___ The records

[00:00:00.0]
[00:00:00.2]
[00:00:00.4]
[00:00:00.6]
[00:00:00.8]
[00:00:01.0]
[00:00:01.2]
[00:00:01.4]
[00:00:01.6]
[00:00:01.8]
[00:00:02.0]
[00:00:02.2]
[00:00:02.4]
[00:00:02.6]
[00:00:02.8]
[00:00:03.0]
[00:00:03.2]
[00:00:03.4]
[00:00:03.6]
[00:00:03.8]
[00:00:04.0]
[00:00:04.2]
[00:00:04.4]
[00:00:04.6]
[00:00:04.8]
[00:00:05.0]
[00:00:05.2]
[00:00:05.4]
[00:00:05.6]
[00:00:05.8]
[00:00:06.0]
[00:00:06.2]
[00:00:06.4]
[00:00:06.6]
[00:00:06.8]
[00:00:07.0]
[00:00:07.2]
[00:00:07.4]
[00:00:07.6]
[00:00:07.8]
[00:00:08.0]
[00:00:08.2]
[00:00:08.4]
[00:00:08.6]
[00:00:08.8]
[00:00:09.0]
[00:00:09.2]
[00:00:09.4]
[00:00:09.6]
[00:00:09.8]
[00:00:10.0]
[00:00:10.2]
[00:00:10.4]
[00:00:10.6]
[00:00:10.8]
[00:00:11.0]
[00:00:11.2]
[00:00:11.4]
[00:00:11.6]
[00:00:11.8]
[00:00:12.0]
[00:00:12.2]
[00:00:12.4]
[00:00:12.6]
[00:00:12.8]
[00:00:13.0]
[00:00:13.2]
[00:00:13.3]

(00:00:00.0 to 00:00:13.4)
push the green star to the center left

______
___ The records

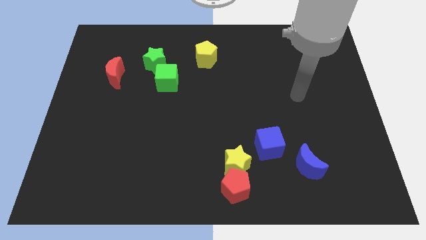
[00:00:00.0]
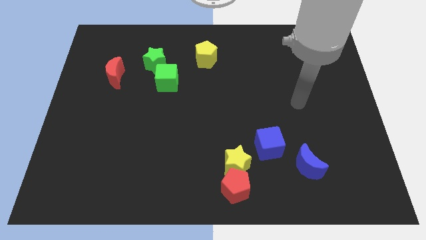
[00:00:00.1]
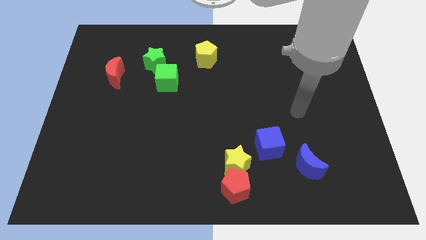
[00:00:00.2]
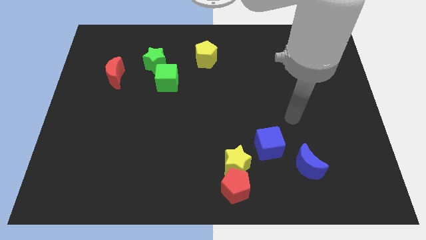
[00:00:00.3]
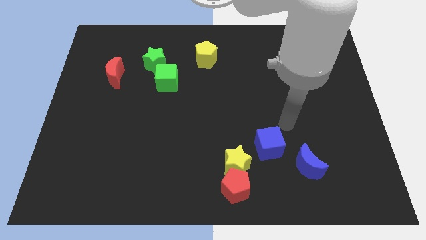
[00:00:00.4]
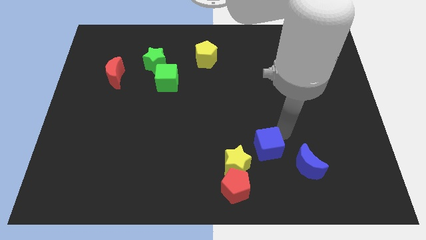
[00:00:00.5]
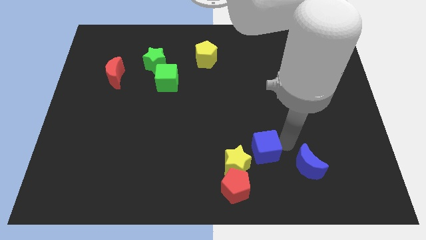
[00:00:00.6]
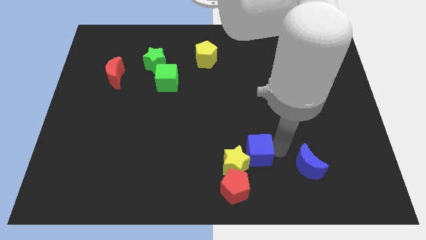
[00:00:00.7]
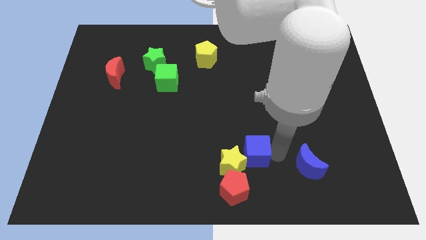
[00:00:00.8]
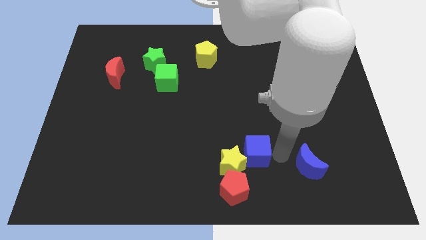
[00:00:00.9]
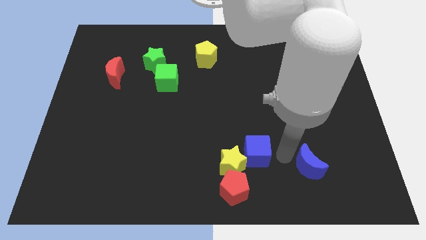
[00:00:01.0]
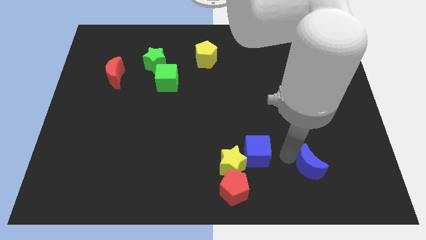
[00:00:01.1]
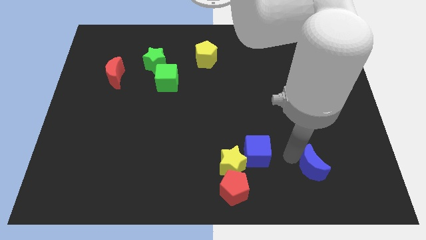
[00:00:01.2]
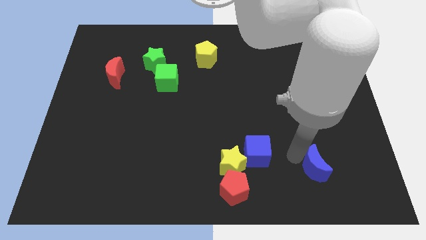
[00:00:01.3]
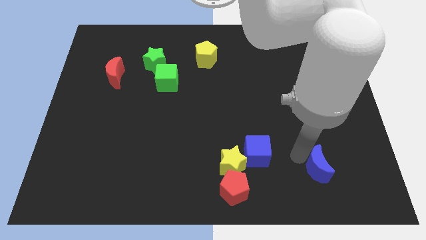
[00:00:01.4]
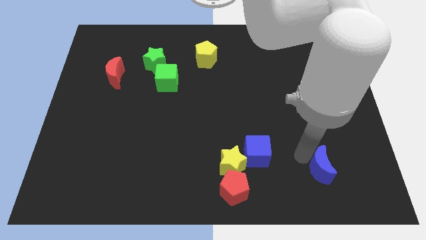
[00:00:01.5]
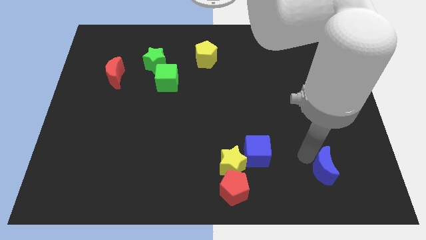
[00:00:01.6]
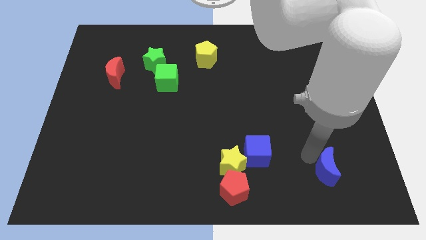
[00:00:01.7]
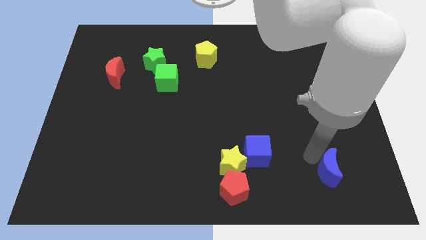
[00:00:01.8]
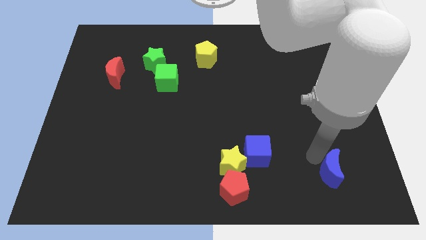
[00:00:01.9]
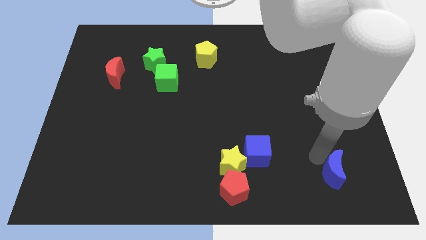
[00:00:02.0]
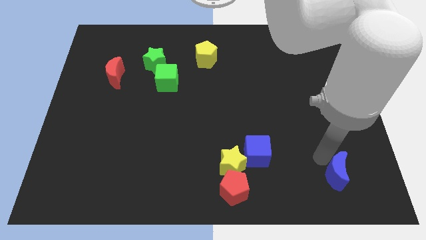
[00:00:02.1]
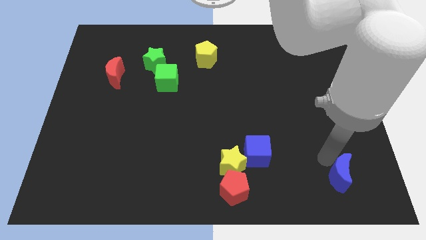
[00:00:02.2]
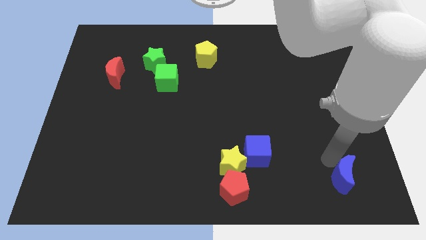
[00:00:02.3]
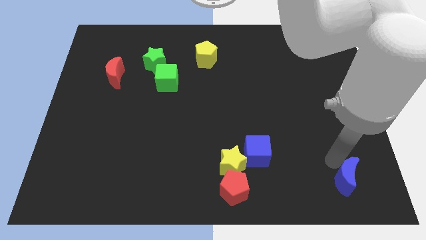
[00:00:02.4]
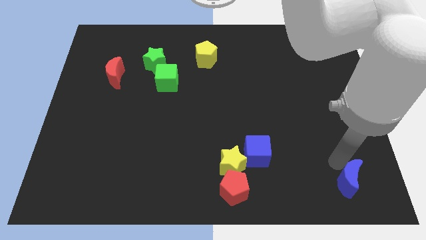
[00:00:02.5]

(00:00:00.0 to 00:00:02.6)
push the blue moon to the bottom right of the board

______

- _How to complete this task_:
Given the data above, transcribe exactly the lines from the one containing "[00:00:06.6]" down to the one containing "[00:00:10.2]", and no others.

- _Solution for this problem_:
[00:00:06.6]
[00:00:06.8]
[00:00:07.0]
[00:00:07.2]
[00:00:07.4]
[00:00:07.6]
[00:00:07.8]
[00:00:08.0]
[00:00:08.2]
[00:00:08.4]
[00:00:08.6]
[00:00:08.8]
[00:00:09.0]
[00:00:09.2]
[00:00:09.4]
[00:00:09.6]
[00:00:09.8]
[00:00:10.0]
[00:00:10.2]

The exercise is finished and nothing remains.